- **Problem description**
An exact transcript of every entry is required, without any of the pictures.

[Records contained in a dataset]
┏━━

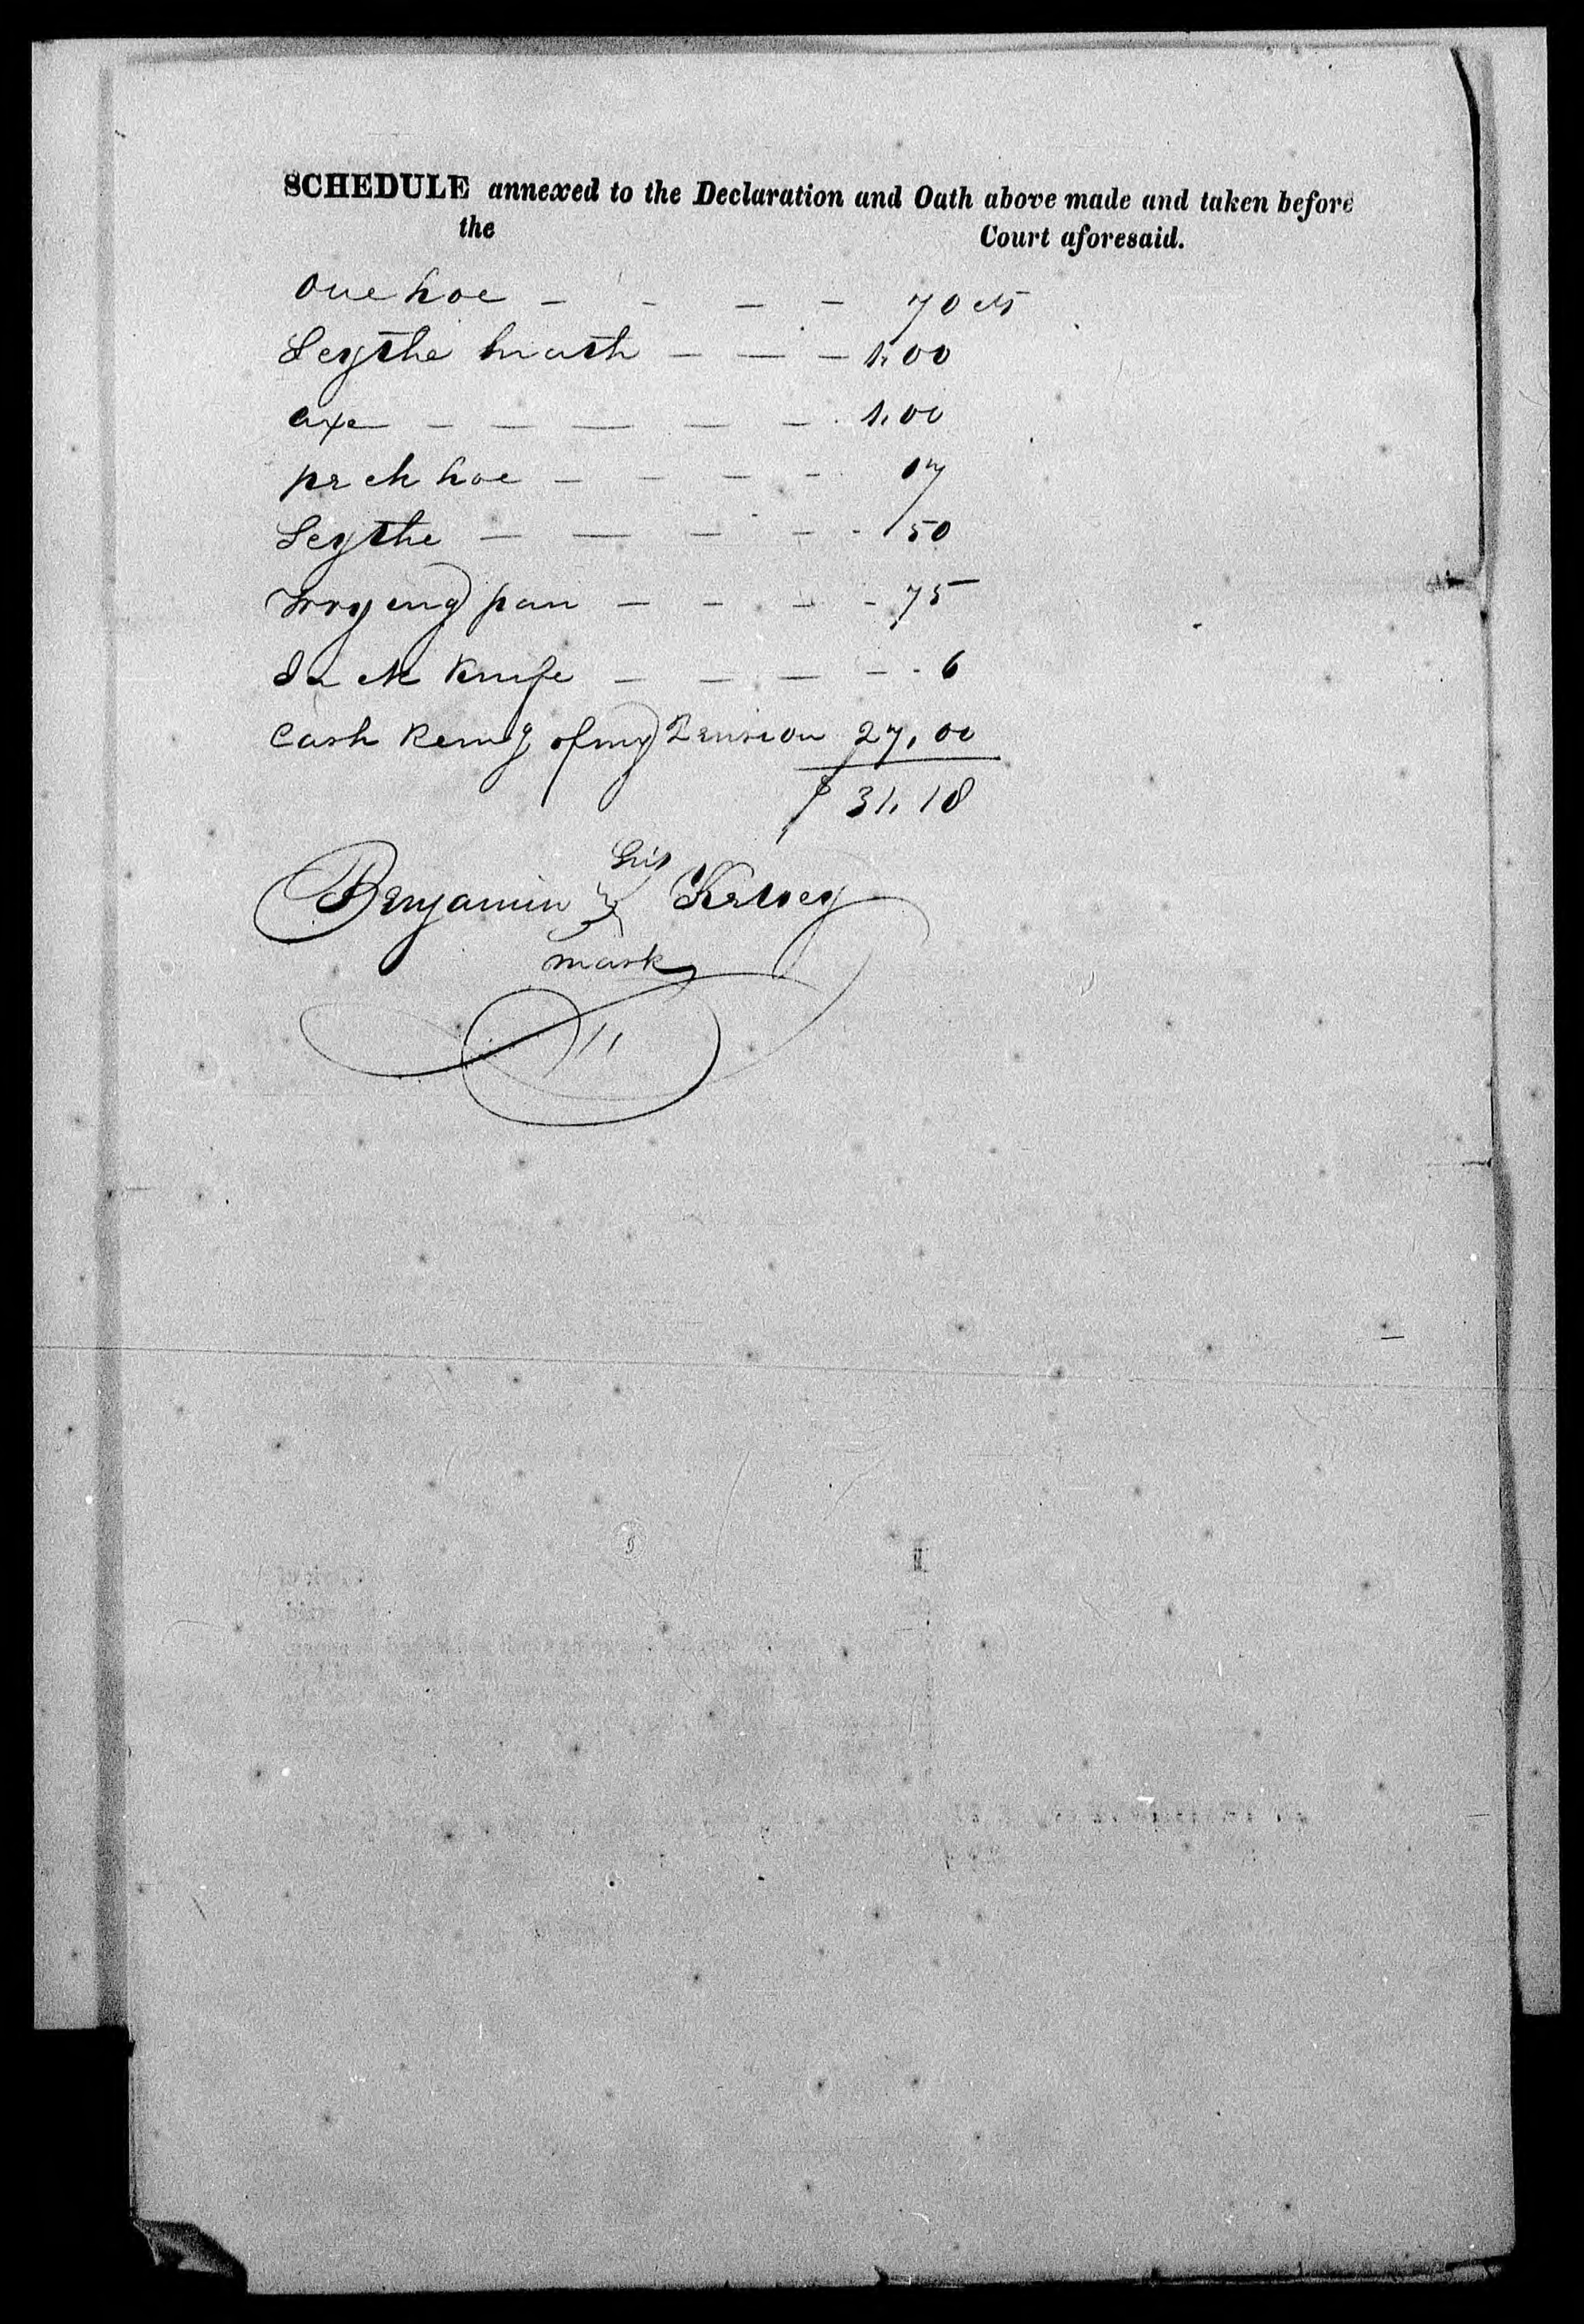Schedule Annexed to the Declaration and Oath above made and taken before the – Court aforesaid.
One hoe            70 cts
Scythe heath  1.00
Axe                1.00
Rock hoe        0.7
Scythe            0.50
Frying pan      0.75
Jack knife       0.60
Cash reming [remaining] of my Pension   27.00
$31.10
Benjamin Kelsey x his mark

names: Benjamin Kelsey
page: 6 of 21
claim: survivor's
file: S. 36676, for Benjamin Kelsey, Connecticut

┗━━

- **Response for this exercise**
Schedule Annexed to the Declaration and Oath above made and taken before the – Court aforesaid.
One hoe            70 cts
Scythe heath  1.00
Axe                1.00
Rock hoe        0.7
Scythe            0.50
Frying pan      0.75
Jack knife       0.60
Cash reming [remaining] of my Pension   27.00
$31.10
Benjamin Kelsey x his mark

names: Benjamin Kelsey
page: 6 of 21
claim: survivor's
file: S. 36676, for Benjamin Kelsey, Connecticut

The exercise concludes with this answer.